[DATA PROVIDED — start]
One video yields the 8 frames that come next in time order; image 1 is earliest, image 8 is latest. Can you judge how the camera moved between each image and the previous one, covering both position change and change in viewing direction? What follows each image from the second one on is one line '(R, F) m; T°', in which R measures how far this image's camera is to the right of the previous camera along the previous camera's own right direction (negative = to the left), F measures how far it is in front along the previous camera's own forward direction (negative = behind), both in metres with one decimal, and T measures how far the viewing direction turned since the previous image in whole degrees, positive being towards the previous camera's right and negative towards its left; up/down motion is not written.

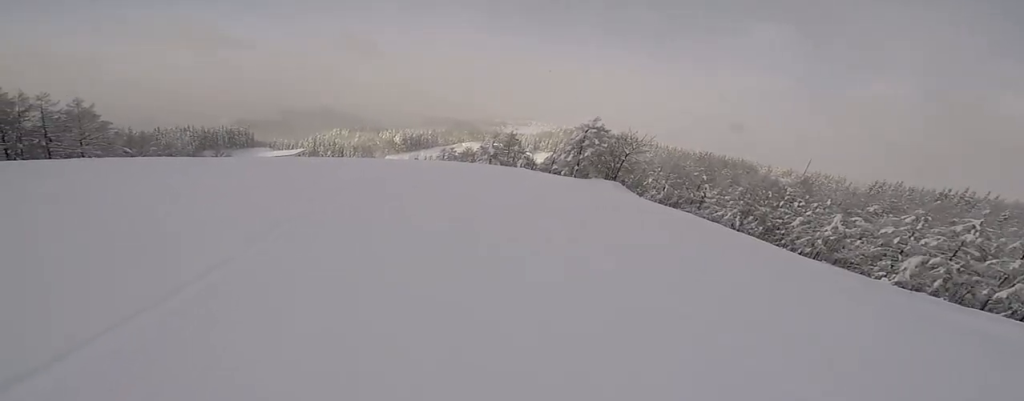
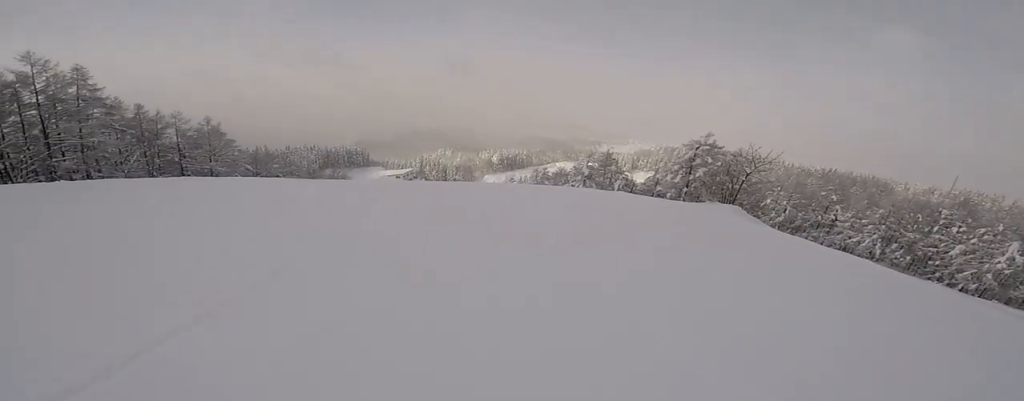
(0.0, +3.5) m; -23°
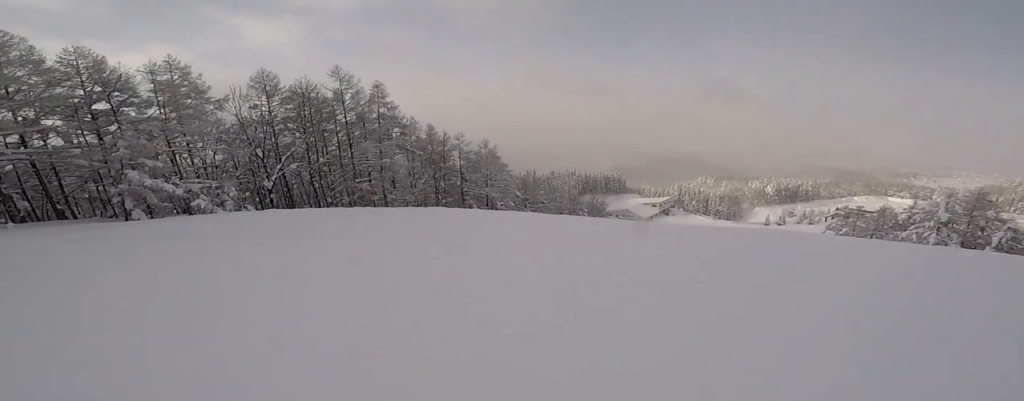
(-3.9, +7.2) m; -26°
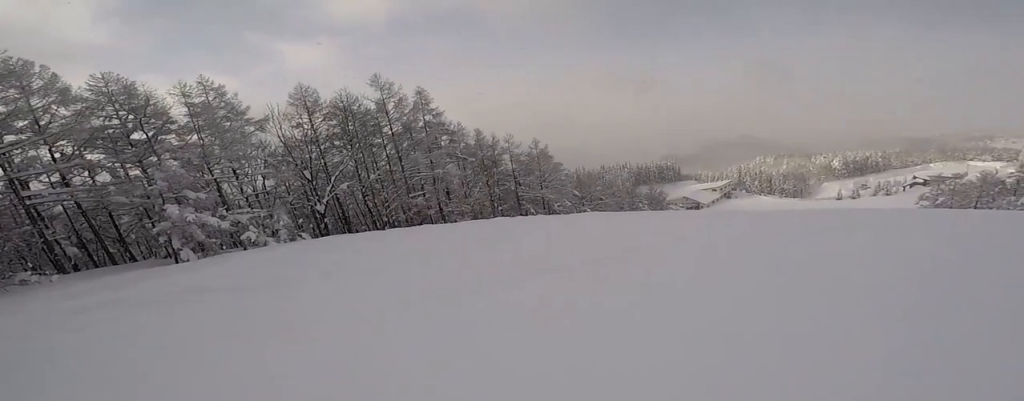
(+0.3, +3.3) m; +18°
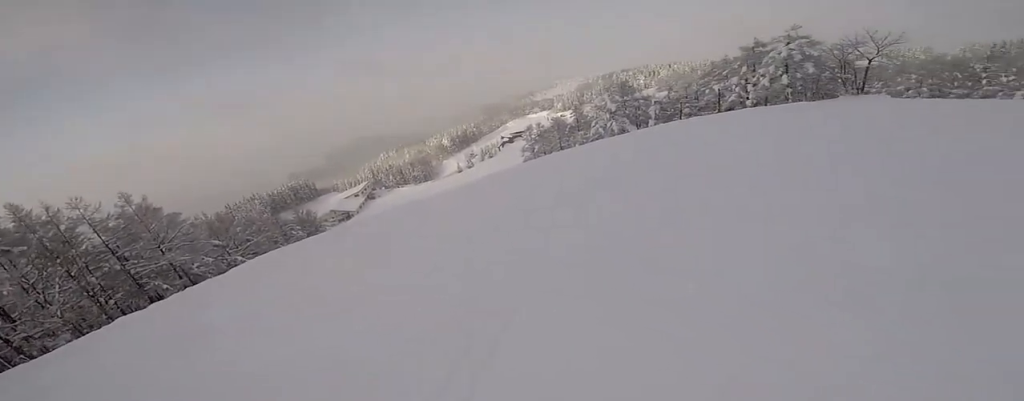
(+1.3, +4.0) m; +43°
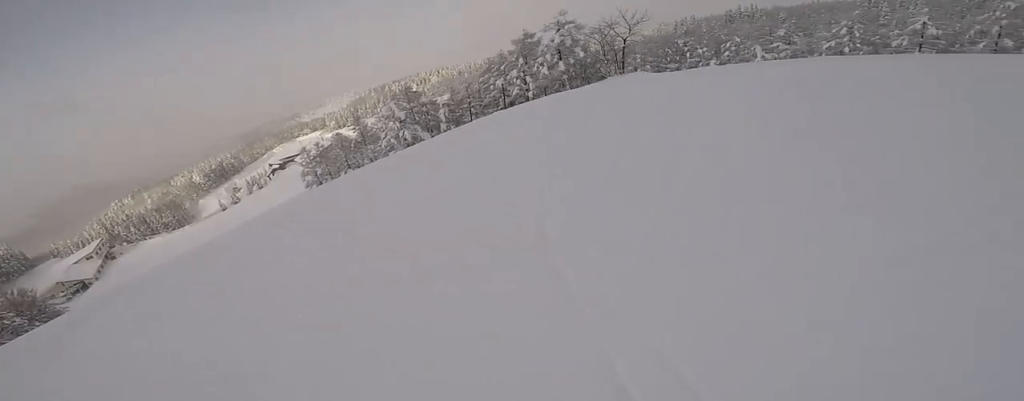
(+1.0, +3.0) m; +33°
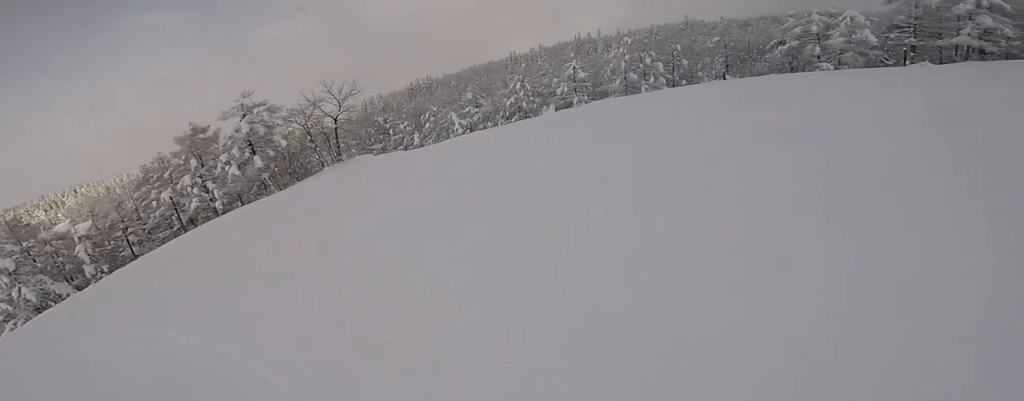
[DATA PROVIDED — finish]
▶ **WHAT YOU NEED TO DO**
Could you write out every line above exactly as it stands, with no images?

▶ **RESPONSE**
One video yields the 8 frames that come next in time order; image 1 is earliest, image 8 is latest. Can you judge how the camera moved between each image and the previous one, covering both position change and change in viewing direction? What follows each image from the second one on is one line '(R, F) m; T°', in which R measures how far this image's camera is to the right of the previous camera along the previous camera's own right direction (negative = to the left), F measures how far it is in front along the previous camera's own forward direction (negative = behind), both in metres with one decimal, and T measures how far the viewing direction turned since the previous image in whole degrees, positive being towards the previous camera's right and negative towards its left; up/down motion is not written.

(0.0, +3.5) m; -23°
(-3.9, +7.2) m; -26°
(+0.3, +3.3) m; +18°
(+1.3, +4.0) m; +43°
(+1.0, +3.0) m; +33°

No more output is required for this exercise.